TASK DETAILS: Please work out how many lines in the data below contain "begin", and reply with that number alone.

START SUPPLIED DATA

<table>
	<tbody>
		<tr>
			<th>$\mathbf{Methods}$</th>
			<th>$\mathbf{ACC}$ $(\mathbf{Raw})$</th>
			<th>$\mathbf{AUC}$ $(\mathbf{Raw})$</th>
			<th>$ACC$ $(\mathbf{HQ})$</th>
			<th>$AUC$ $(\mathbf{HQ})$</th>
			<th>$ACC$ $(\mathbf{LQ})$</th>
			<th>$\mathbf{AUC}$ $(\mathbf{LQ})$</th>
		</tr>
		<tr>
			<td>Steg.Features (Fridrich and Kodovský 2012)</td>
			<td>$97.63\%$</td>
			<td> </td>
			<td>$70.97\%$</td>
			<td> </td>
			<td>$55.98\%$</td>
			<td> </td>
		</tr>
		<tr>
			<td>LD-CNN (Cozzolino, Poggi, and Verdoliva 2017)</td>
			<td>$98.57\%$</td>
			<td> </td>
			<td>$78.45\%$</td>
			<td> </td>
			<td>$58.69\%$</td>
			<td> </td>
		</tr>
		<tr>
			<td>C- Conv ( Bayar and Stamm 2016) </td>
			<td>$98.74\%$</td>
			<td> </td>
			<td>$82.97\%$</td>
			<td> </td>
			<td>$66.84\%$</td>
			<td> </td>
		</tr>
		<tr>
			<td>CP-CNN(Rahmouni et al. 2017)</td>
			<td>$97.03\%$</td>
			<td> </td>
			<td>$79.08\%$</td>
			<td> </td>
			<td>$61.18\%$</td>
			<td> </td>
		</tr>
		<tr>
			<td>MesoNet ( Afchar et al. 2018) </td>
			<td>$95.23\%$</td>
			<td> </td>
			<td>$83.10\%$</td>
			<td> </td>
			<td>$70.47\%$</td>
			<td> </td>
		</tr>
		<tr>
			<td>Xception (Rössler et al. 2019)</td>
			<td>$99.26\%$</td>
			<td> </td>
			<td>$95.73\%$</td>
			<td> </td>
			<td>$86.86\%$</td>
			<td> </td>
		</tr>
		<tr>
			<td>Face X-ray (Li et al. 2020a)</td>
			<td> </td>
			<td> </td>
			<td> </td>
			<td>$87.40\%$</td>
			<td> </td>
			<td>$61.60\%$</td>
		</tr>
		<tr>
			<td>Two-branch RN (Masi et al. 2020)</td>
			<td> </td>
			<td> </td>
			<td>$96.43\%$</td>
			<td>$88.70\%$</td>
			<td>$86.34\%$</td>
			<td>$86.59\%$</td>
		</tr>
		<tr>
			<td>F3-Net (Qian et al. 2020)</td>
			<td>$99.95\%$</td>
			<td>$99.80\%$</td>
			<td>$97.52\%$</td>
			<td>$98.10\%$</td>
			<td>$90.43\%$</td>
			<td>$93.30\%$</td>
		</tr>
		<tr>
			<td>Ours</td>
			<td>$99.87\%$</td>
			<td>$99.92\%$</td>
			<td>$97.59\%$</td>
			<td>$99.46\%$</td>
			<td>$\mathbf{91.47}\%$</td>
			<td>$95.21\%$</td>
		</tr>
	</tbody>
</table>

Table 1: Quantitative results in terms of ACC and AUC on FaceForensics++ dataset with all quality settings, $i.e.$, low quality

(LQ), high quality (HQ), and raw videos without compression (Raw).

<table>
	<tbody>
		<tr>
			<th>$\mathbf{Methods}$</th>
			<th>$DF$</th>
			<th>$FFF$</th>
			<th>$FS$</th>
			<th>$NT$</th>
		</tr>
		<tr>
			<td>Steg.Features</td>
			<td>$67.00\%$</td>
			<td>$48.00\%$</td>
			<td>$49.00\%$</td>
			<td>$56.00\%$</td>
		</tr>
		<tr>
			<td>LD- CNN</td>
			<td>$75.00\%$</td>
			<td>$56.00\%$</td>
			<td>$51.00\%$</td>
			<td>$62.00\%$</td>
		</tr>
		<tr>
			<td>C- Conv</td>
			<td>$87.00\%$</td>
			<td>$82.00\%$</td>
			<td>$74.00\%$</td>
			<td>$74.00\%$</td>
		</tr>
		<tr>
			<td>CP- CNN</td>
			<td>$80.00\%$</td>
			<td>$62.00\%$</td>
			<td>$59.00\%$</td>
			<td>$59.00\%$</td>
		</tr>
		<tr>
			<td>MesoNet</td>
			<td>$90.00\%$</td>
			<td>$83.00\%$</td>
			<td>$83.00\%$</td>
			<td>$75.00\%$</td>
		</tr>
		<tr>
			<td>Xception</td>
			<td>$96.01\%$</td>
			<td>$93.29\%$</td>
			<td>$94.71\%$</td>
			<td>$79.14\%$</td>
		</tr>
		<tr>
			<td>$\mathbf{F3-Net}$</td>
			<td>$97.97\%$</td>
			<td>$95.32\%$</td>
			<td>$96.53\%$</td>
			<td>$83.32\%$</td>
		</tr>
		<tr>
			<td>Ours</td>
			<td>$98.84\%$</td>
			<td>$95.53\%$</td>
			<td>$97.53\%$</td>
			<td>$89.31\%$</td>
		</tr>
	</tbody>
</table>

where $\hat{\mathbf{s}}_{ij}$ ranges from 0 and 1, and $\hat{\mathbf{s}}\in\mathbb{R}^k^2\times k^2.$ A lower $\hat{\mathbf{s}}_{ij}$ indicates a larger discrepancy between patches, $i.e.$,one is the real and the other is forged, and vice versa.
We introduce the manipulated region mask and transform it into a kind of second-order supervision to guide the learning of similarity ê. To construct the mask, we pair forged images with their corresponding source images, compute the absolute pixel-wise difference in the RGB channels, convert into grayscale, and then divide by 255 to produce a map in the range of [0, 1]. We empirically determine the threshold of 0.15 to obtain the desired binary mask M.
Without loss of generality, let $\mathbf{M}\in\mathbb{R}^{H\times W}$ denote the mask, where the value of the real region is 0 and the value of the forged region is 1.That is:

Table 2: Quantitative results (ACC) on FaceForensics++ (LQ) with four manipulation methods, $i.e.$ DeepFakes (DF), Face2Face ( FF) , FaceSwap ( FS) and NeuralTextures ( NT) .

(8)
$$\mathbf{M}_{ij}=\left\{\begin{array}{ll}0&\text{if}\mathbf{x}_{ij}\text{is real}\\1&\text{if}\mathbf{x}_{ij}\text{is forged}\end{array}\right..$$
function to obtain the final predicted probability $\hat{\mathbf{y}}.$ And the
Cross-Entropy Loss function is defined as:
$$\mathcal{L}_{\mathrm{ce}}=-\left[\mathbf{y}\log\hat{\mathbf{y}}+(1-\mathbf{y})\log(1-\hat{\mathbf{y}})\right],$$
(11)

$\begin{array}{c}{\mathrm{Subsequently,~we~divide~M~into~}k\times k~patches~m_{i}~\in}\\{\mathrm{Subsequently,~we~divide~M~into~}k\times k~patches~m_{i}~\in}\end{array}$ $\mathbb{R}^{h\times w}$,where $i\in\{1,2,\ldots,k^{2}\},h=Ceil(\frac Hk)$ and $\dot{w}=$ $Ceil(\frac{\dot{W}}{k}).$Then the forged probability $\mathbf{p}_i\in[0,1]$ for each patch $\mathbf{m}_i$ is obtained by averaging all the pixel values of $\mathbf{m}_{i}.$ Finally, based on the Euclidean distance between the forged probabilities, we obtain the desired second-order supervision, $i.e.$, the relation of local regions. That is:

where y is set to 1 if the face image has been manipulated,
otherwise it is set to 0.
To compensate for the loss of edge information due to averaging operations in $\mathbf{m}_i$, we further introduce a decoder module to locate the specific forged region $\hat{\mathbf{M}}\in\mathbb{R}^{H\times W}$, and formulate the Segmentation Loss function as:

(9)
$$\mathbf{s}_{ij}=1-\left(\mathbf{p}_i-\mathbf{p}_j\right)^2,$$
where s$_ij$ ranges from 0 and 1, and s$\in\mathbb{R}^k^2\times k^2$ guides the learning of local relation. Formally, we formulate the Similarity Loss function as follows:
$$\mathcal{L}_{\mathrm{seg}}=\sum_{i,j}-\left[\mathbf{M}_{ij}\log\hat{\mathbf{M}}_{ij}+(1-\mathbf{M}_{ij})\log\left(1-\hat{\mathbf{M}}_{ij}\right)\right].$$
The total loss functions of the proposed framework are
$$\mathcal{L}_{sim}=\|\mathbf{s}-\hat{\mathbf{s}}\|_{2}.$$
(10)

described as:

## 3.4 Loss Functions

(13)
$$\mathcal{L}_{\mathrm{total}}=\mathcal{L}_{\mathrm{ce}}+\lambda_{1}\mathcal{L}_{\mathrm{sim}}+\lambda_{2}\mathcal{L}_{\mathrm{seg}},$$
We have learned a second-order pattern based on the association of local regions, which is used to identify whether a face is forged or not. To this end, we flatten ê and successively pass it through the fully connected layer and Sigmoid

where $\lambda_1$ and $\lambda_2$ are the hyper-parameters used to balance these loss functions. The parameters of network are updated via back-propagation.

END SUPPLIED DATA

RESPONSE TO THE TASK: 2